EXERCISE DESCRIPTION:
Use the entries below and reproduce exactly the lines from the one containing "༤༡༥། མ྄་པར་ཀ་དབུ་མ་འཇུག་པའི་རྣམ་བཤད་དགོངས་པ་རབ་གསལ་ལ ༢༨༨།" down to the one containing "བསམ་ཀ་གཏན་གཟུགས་མེད་ཀྱི་བཅོས་ལ ༡༡། དབུ་ཀ་མ་ཐལ་འགྱུར་བའི་ལུགས་", both of them included.

Recorded data
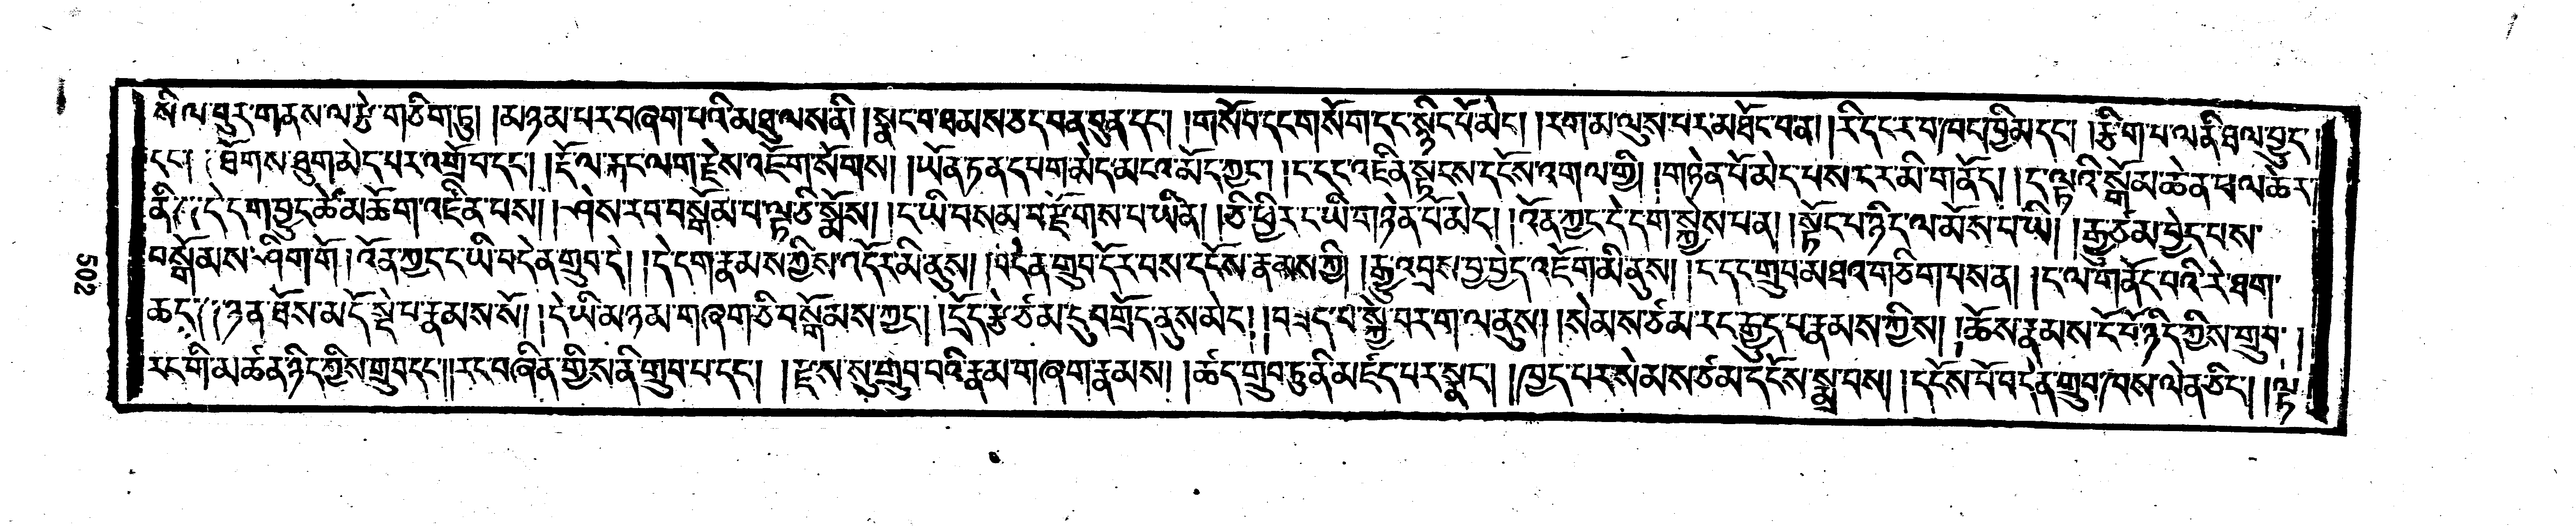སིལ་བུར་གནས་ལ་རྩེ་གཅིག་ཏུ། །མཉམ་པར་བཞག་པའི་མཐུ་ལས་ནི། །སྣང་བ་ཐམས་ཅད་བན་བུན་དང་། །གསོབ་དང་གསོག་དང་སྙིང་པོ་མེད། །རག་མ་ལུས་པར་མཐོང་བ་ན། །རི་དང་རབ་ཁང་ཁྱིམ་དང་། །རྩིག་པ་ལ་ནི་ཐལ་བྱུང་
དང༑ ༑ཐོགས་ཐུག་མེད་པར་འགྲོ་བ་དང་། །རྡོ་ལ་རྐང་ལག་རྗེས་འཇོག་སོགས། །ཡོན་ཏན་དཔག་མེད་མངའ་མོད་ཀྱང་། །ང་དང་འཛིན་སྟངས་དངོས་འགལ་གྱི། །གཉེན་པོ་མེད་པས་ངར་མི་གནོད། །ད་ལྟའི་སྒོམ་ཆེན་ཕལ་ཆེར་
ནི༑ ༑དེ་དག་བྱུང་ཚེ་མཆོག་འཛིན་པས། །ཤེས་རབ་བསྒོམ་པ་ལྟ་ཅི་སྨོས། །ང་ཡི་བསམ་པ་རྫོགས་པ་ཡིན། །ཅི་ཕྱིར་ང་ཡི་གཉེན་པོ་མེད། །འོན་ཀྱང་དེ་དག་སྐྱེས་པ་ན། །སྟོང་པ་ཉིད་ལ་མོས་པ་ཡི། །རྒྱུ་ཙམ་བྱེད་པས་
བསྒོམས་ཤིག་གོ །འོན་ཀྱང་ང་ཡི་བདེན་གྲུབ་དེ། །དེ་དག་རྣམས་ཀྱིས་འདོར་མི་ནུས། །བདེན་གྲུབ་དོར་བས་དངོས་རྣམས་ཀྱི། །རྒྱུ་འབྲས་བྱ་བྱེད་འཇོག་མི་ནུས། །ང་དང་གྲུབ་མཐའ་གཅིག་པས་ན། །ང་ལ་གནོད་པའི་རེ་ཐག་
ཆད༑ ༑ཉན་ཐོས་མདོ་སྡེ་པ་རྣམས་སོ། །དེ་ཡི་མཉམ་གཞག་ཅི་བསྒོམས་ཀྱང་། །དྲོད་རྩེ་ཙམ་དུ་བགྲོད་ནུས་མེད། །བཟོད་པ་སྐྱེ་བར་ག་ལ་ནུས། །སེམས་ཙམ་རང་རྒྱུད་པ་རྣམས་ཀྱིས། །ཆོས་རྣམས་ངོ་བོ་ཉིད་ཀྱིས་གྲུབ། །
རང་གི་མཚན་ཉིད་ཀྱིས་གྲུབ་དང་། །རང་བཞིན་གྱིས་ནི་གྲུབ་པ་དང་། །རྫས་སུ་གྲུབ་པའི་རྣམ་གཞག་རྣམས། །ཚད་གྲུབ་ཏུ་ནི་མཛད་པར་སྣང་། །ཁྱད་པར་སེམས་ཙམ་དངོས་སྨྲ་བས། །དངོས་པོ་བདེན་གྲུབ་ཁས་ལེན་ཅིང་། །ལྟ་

--

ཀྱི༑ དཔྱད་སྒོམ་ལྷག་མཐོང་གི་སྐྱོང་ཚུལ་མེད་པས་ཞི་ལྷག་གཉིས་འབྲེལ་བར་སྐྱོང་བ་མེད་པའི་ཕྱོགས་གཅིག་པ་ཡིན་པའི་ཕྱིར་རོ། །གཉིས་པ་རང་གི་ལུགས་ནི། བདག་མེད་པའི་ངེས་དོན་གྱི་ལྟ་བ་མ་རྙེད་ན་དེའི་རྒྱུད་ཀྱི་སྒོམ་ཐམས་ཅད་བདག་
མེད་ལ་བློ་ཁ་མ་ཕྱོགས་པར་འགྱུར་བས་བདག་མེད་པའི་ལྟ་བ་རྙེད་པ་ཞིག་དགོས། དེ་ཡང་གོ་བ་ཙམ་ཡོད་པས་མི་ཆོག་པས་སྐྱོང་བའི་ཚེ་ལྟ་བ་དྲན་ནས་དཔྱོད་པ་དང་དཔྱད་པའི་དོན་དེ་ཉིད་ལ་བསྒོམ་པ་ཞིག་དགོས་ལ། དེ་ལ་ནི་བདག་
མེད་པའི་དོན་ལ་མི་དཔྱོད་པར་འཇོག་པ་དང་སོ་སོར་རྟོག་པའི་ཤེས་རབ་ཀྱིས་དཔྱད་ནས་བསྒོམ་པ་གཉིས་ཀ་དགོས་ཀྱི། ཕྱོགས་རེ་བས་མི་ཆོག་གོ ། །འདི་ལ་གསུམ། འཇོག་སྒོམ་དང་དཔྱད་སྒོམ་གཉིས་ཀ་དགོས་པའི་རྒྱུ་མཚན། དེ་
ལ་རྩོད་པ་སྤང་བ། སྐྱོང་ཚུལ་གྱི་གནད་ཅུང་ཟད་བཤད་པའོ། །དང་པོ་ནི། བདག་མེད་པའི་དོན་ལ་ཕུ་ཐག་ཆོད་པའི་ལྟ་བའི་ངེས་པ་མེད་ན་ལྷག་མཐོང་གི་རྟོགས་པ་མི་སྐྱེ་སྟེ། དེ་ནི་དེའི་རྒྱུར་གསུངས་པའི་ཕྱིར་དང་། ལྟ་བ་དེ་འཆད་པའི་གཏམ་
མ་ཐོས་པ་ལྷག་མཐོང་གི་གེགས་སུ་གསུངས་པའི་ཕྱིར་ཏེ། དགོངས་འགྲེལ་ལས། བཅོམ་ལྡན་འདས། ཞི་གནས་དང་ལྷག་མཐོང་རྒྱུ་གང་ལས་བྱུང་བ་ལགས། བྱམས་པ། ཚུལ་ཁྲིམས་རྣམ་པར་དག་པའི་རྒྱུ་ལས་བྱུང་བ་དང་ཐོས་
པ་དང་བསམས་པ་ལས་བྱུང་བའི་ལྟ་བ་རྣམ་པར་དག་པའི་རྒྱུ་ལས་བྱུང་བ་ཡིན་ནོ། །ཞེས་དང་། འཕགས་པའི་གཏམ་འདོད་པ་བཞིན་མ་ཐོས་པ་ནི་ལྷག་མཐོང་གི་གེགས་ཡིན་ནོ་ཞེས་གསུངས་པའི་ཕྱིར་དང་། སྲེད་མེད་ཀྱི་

...

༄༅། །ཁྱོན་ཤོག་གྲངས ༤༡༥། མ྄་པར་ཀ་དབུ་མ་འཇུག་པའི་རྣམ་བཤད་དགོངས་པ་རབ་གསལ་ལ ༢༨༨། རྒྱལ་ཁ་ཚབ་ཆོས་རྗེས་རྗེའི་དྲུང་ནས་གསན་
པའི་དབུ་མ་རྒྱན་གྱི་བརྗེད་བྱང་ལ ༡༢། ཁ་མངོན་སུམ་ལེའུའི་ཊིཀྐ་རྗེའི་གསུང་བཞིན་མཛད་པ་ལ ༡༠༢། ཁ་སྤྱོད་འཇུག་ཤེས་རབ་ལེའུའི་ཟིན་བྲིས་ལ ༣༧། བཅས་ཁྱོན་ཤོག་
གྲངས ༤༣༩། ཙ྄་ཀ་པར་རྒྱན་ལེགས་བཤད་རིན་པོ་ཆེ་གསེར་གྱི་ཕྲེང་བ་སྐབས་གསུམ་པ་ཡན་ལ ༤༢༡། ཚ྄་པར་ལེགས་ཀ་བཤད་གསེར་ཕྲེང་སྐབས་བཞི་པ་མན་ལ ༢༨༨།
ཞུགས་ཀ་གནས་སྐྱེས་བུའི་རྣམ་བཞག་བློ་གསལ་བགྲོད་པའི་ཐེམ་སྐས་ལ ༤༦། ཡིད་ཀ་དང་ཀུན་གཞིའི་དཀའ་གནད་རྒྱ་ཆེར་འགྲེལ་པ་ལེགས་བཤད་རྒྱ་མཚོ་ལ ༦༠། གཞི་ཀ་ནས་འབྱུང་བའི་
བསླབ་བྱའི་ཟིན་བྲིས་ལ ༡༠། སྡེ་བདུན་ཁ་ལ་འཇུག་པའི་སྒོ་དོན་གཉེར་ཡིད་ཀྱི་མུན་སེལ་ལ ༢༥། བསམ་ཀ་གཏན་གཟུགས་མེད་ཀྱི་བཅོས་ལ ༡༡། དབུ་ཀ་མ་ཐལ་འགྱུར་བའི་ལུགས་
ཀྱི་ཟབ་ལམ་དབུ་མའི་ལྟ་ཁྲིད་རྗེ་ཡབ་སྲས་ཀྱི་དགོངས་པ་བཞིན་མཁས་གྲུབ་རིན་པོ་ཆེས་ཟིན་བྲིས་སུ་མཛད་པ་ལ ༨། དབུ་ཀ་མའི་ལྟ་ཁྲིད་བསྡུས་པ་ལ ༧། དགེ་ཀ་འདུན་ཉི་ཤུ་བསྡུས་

THE COMPLETED TASK:
༄༅། །ཁྱོན་ཤོག་གྲངས ༤༡༥། མ྄་པར་ཀ་དབུ་མ་འཇུག་པའི་རྣམ་བཤད་དགོངས་པ་རབ་གསལ་ལ ༢༨༨། རྒྱལ་ཁ་ཚབ་ཆོས་རྗེས་རྗེའི་དྲུང་ནས་གསན་
པའི་དབུ་མ་རྒྱན་གྱི་བརྗེད་བྱང་ལ ༡༢། ཁ་མངོན་སུམ་ལེའུའི་ཊིཀྐ་རྗེའི་གསུང་བཞིན་མཛད་པ་ལ ༡༠༢། ཁ་སྤྱོད་འཇུག་ཤེས་རབ་ལེའུའི་ཟིན་བྲིས་ལ ༣༧། བཅས་ཁྱོན་ཤོག་
གྲངས ༤༣༩། ཙ྄་ཀ་པར་རྒྱན་ལེགས་བཤད་རིན་པོ་ཆེ་གསེར་གྱི་ཕྲེང་བ་སྐབས་གསུམ་པ་ཡན་ལ ༤༢༡། ཚ྄་པར་ལེགས་ཀ་བཤད་གསེར་ཕྲེང་སྐབས་བཞི་པ་མན་ལ ༢༨༨།
ཞུགས་ཀ་གནས་སྐྱེས་བུའི་རྣམ་བཞག་བློ་གསལ་བགྲོད་པའི་ཐེམ་སྐས་ལ ༤༦། ཡིད་ཀ་དང་ཀུན་གཞིའི་དཀའ་གནད་རྒྱ་ཆེར་འགྲེལ་པ་ལེགས་བཤད་རྒྱ་མཚོ་ལ ༦༠། གཞི་ཀ་ནས་འབྱུང་བའི་
བསླབ་བྱའི་ཟིན་བྲིས་ལ ༡༠། སྡེ་བདུན་ཁ་ལ་འཇུག་པའི་སྒོ་དོན་གཉེར་ཡིད་ཀྱི་མུན་སེལ་ལ ༢༥། བསམ་ཀ་གཏན་གཟུགས་མེད་ཀྱི་བཅོས་ལ ༡༡། དབུ་ཀ་མ་ཐལ་འགྱུར་བའི་ལུགས་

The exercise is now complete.